━━━ The data ━━━

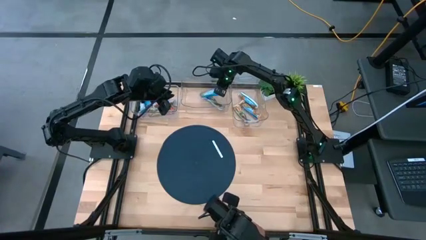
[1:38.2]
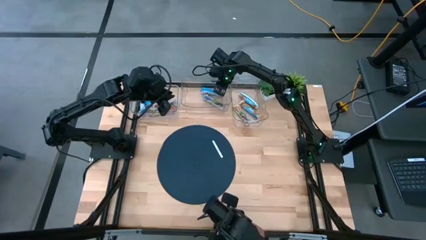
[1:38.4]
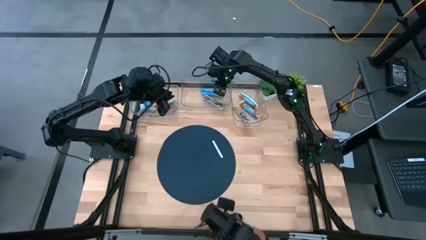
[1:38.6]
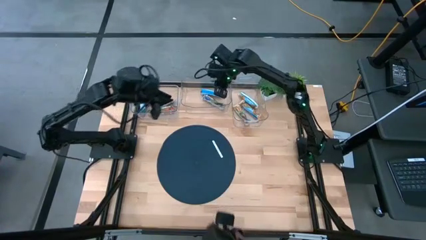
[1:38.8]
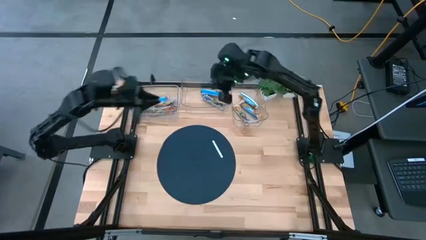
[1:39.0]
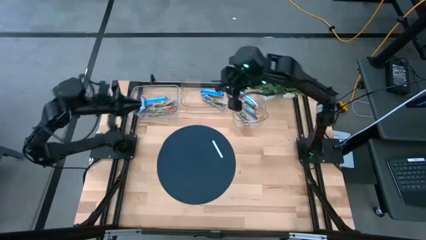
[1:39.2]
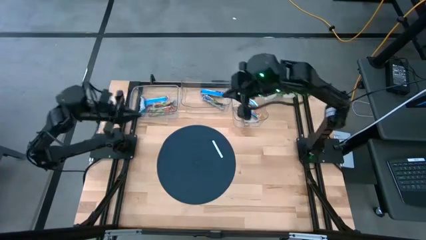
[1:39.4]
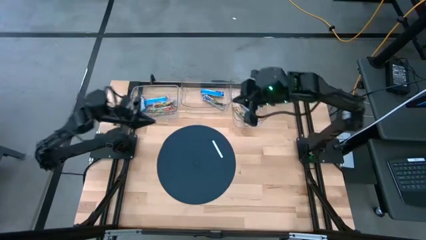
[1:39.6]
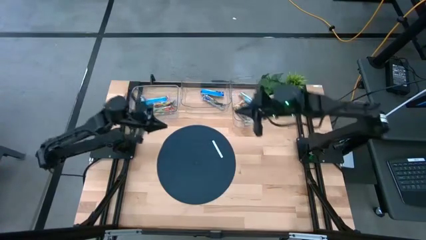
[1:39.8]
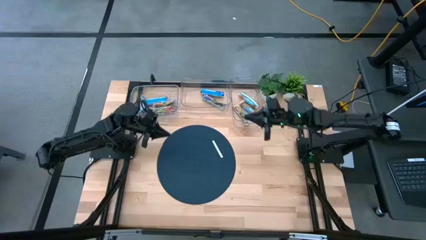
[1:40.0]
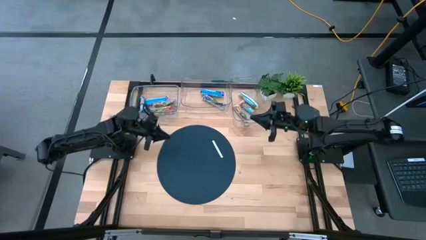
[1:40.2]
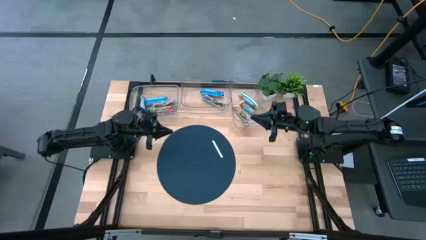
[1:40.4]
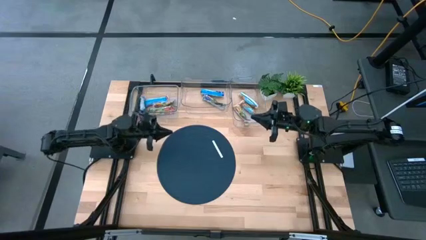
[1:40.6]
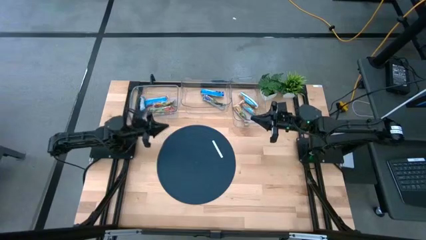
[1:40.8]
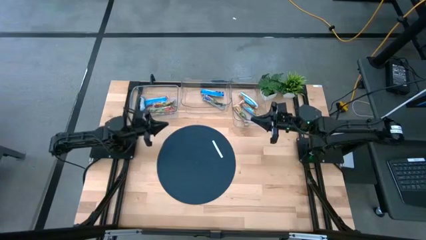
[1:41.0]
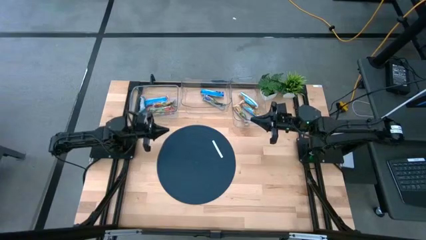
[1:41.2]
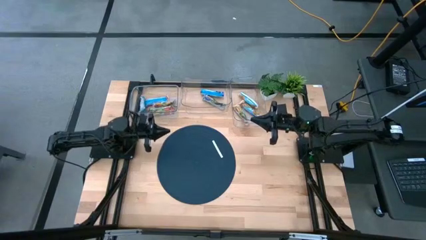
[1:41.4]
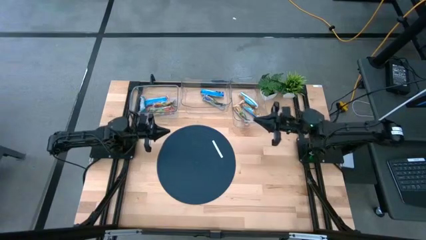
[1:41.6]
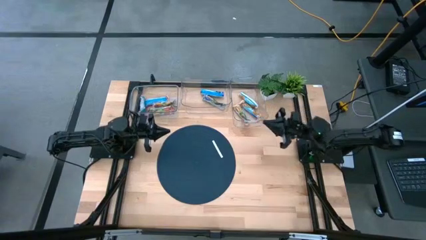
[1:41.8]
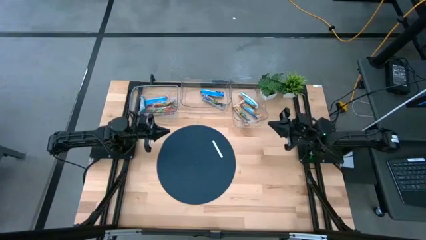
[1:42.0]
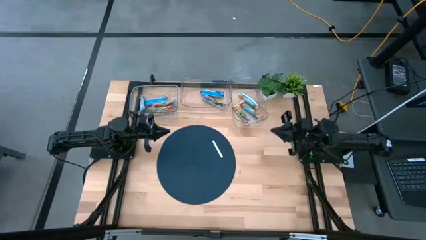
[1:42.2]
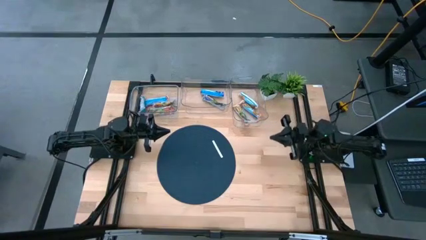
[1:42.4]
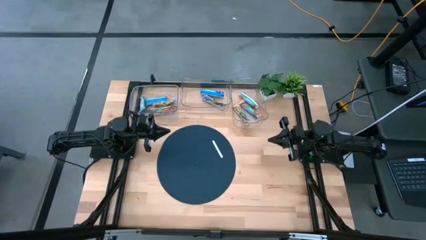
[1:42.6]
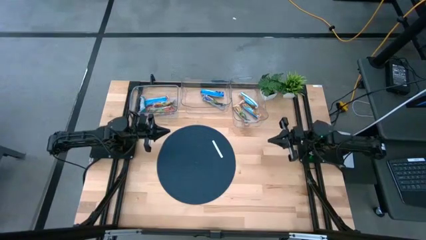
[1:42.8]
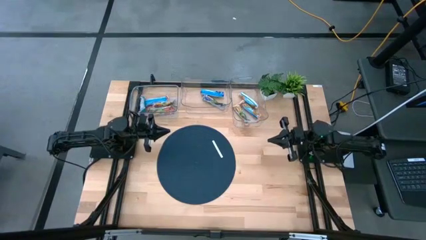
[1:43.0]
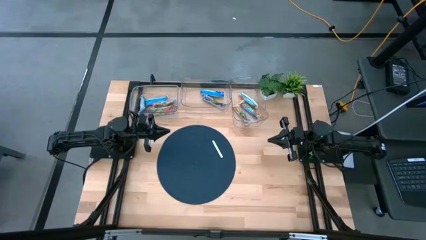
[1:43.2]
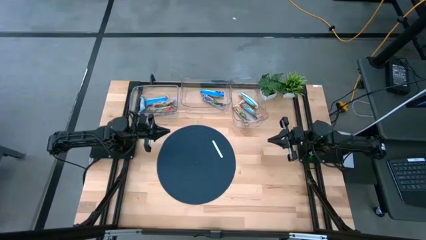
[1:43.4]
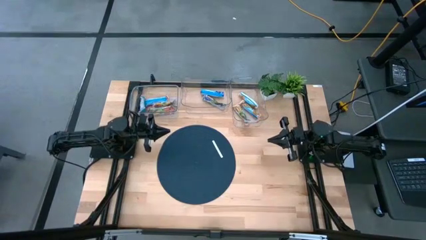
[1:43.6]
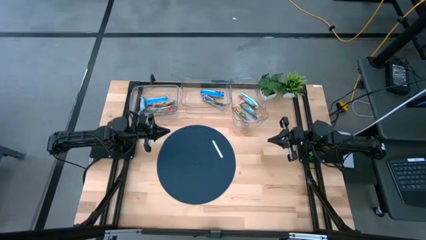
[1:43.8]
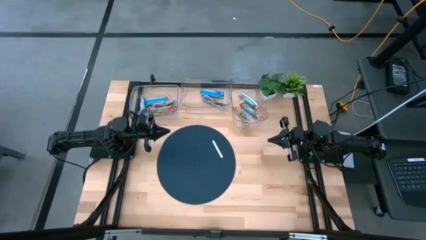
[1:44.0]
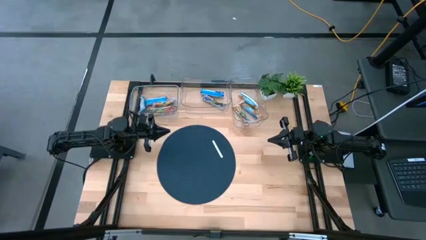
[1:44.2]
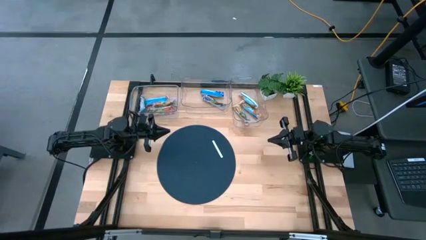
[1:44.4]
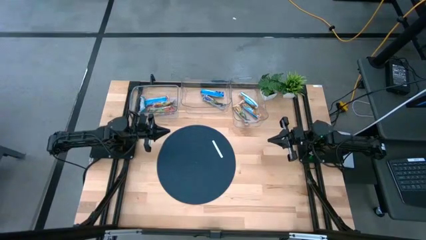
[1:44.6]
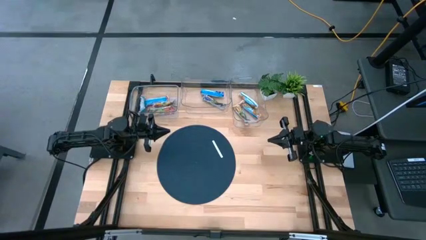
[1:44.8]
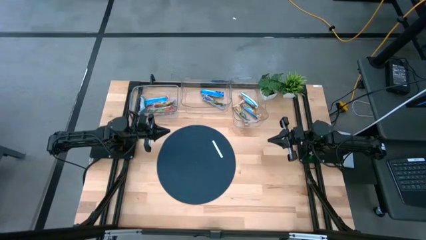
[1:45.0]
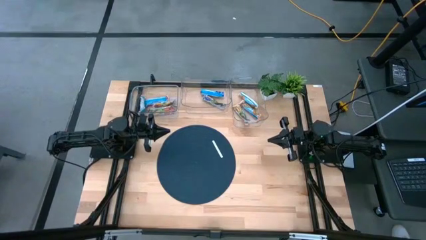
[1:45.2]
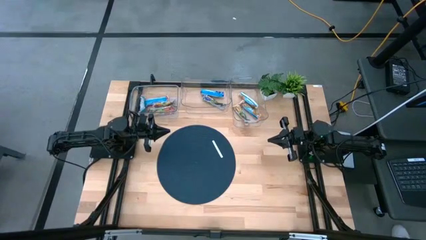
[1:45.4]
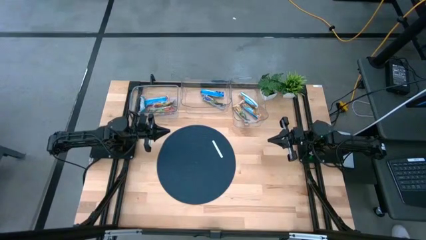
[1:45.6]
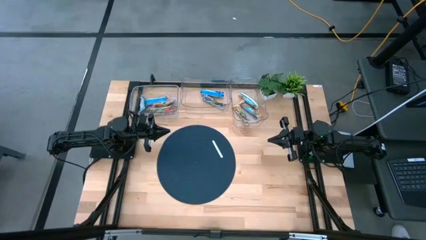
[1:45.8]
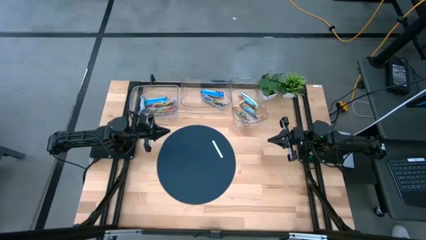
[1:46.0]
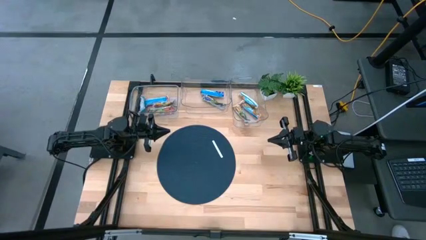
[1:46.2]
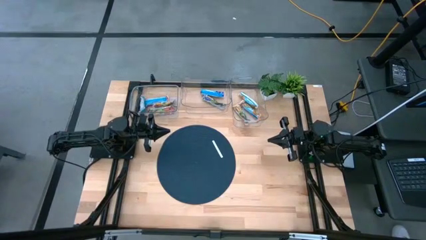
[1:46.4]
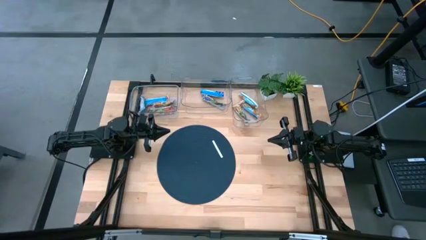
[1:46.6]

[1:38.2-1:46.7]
Task: Pick and place Granola Bars by type
Return to Home Position

━━━

Quote every entry exactly, with the pictures omitted.

§ Exercise response
[1:38.2]
[1:38.4]
[1:38.6]
[1:38.8]
[1:39.0]
[1:39.2]
[1:39.4]
[1:39.6]
[1:39.8]
[1:40.0]
[1:40.2]
[1:40.4]
[1:40.6]
[1:40.8]
[1:41.0]
[1:41.2]
[1:41.4]
[1:41.6]
[1:41.8]
[1:42.0]
[1:42.2]
[1:42.4]
[1:42.6]
[1:42.8]
[1:43.0]
[1:43.2]
[1:43.4]
[1:43.6]
[1:43.8]
[1:44.0]
[1:44.2]
[1:44.4]
[1:44.6]
[1:44.8]
[1:45.0]
[1:45.2]
[1:45.4]
[1:45.6]
[1:45.8]
[1:46.0]
[1:46.2]
[1:46.4]
[1:46.6]

[1:38.2-1:46.7]
Task: Pick and place Granola Bars by type
Return to Home Position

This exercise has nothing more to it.